2025 mid-range Android tablet computers by Samsung Electronics

The Samsung Galaxy Tab A11 and A11+ are a lineup of two Android-based tablets manufactured, developed and marketed by Samsung Electronics. Both tablets were announced on September 15, 2025. In the same date, the Tab A11 was released, and later the Tab A11+ released on November 2, 2025. Both tablets support the Book Cover tablet protection case.

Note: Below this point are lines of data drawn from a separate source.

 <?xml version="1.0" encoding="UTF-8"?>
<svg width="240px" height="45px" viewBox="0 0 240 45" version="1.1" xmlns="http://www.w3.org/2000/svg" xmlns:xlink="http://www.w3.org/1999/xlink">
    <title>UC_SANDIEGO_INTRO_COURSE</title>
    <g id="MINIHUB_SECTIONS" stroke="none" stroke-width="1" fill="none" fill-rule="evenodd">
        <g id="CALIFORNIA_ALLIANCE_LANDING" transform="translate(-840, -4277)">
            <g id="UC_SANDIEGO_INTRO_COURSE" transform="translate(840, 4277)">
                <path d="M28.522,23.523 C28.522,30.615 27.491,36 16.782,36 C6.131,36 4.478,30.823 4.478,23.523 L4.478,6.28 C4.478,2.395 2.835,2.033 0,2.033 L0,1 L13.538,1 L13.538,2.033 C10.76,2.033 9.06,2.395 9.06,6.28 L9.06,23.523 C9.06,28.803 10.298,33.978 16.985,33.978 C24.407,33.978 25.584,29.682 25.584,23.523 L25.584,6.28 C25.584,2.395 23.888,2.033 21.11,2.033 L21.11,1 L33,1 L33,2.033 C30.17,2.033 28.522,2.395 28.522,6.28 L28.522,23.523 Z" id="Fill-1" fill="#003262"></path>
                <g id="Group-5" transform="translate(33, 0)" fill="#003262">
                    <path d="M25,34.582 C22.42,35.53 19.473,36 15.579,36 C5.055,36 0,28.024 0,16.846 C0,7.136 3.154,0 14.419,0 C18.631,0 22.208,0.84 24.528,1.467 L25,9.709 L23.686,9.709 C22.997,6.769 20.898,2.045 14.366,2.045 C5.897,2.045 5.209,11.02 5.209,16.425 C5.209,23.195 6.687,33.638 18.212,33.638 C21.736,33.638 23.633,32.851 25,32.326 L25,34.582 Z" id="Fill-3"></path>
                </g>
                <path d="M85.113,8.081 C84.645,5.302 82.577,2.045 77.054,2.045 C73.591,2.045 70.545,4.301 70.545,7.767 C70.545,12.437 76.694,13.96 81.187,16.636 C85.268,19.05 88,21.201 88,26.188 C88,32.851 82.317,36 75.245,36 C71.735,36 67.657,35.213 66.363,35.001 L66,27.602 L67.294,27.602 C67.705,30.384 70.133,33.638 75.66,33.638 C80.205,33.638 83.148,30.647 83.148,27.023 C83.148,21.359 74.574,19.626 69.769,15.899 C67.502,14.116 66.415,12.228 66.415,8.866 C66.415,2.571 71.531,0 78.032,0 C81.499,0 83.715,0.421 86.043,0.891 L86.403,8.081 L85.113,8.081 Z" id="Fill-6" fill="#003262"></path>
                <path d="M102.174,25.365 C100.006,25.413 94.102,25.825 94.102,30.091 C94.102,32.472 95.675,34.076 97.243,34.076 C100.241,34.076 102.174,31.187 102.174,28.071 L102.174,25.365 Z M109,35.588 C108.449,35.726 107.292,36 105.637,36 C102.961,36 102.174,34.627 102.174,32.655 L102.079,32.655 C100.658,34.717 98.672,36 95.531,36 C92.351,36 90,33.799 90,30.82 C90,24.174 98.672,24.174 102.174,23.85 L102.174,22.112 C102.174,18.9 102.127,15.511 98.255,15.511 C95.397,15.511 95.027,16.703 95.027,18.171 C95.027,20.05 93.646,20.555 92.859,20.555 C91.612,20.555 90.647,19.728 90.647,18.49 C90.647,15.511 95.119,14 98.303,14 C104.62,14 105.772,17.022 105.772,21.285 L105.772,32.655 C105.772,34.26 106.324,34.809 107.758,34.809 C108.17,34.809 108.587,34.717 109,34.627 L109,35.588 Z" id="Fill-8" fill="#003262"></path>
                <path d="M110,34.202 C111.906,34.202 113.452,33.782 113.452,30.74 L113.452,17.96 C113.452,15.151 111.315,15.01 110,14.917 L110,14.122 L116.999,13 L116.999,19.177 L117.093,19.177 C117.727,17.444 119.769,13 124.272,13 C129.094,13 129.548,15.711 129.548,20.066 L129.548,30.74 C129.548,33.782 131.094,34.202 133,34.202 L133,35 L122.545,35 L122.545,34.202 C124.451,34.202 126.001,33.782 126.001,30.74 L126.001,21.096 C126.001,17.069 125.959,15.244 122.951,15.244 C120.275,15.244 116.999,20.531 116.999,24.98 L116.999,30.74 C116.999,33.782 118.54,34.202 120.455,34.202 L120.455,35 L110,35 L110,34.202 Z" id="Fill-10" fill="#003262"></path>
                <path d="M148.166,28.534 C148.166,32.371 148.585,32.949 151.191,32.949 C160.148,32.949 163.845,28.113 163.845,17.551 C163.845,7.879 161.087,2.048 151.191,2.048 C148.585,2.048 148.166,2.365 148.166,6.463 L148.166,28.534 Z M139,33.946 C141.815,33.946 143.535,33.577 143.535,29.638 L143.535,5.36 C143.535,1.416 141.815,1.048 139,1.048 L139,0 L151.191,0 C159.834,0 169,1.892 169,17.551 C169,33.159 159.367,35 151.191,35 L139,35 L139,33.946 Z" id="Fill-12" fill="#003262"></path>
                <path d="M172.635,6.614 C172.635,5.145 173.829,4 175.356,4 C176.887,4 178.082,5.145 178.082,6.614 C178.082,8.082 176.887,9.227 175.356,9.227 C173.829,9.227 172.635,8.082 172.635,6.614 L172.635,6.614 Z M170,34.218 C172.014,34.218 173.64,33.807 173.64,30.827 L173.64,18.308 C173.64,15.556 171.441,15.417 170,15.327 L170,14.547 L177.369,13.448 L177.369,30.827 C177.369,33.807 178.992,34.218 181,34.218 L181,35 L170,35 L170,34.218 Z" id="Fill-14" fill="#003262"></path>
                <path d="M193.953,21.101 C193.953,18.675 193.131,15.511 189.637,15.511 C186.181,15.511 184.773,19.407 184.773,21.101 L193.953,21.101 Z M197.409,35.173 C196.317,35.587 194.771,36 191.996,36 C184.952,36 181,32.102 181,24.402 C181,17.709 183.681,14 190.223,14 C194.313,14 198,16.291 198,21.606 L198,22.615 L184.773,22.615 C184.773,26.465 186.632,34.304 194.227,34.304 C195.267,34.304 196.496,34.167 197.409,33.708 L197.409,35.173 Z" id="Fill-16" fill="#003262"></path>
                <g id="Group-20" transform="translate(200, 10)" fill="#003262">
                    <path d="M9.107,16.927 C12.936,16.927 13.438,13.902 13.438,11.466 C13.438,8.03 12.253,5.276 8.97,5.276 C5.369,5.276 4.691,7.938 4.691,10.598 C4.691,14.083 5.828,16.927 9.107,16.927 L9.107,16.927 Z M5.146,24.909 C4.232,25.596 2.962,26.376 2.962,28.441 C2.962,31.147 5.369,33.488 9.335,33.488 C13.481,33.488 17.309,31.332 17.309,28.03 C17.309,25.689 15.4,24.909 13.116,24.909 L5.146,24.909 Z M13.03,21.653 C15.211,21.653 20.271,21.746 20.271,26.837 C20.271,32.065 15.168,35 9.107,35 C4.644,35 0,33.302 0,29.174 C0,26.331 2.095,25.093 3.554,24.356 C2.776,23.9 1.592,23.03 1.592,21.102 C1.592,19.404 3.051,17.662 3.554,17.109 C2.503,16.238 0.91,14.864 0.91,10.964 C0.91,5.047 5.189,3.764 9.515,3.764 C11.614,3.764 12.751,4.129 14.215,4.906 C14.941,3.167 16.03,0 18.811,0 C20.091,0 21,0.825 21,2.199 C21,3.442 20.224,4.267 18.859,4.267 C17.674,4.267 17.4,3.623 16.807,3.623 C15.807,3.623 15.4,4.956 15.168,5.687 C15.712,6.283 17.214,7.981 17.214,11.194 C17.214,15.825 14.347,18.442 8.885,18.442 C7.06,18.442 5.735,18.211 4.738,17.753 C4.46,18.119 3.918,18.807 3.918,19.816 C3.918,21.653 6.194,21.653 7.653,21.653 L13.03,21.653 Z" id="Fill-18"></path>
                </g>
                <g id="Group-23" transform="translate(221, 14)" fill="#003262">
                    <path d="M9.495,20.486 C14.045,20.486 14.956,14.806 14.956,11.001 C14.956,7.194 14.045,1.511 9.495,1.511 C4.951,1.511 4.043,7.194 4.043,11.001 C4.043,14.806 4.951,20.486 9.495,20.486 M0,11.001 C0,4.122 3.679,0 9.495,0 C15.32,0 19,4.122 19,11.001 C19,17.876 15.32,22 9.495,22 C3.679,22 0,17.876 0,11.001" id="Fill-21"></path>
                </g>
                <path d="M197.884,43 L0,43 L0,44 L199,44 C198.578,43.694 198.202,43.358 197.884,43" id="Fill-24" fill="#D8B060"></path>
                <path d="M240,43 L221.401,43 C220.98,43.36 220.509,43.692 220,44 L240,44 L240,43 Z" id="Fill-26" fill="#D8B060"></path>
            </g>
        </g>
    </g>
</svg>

The devices succeeded the Galaxy Tab A9 and A9+ and skipped out releasing a new tablet in the Galaxy Tab A series in 2024.

== Features ==

=== Design ===
Like its predecessors, the Tab A11 & A11+ features a sleek metal body. The Tab A11 & A11+ are available in 2 color options: Grey and Silver.

=== Hardware ===

==== Display ====
The Tab A11, like its predecessor, features an 8.7-inch TFT LCD with a resolution at 800 x 1340 pixels and a 5:3 aspect ratio, with the only upgrade for the display is the addition of the 90 Hz refresh rate. On the other hand, the Tab A11+ kept its screen specifications from its predecessor (TFT LCD display screen, sizing at about 11 inches with a refresh rate of 90 Hz and a resolution of 1200 x 1920 pixels).

==== Performance ====

===== Chipset =====
The Tab A11, like its predecessor, is equipped with the MediaTek Helio G99 chipset and a Mali-G57 MC2 GPU. On the other hand, the Tab A11+ has upgraded its processor: some markets either feature the more powerful MediaTek Dimensity 7300 chipset or the MT 8775 chipset, despite the two chipsets nearly sharing the same specifications.

===== Memory and storage =====
The Tab A11 kept the available options from its predecessor, with 4 or 8 GB of RAM, and 64 or 128 GB of internal storage.

The Tab A11+, meanwhile, discontinues the 4 GB RAM configuration offered in its predecessor, now featuring 6 GB RAM as the base option. An 8 GB RAM variant remains available. Storage configurations now begin at 128 GB, with a 256 GB option also offered.

Both tablets feature storage expansion with the use of the microSD card up to 2 TB. The Tab A11 and Tab A11+ continues to use UFS as its storage type.

==== Battery ====
The Tab A11 has a non-removable Li-po 5100 mAh battery capacity, while the Tab A11+ has a larger battery capacity at about 7040 mAh. The larger tablet now supports 25W Fast Charging, up from the 15W on the Tab A9+.

==== Camera ====
Both the Tab A11 and A11+ features a single 8MP camera with 1080p HD video recording and auto-focus capability. Both tablets also have a 5MP front camera.

==== Other ====
While both tablets have stereo sound, the Tab A11 has only one speaker and the A11+ has quad speakers.

=== Software ===
Despite the two tablets being announced at the same time, both of them had different pre-installed OS versions. The Tab A11 initially have Android 15 (One UI 7.0), while the Tab A11+ initially have Android 16 (One UI 8.0). Both tablets will receive 7 years of software and security updates (with support ending within 2032), a first for the Tab A series.

|  | Pre-installed OS | OS Upgrades history |  |  |  |  |  |  | End of support |
| 1st | 2nd | 3rd | 4th | 5th | 6th | 7th |
| Tab A11 | Android 15 (One UI 7.0) | Android 16 (One UI 8.0) November 2025 (One UI 8.5) May 2026 |  |  |  |  |  |  | Within 2032 |
| Tab A11+ | Android 16 (One UI 8.0) Minor One UI update: (One UI 8.5) May 2026 |  |  |  |  |  |  |  |

== Kids Edition ==
A Kids Edition of the Tab A11+ was first released on November 28, 2025.

The device is made for kids to support Samsung Kids, having parental control leaflet, also includes a protection case, a stylus pen and the stickers.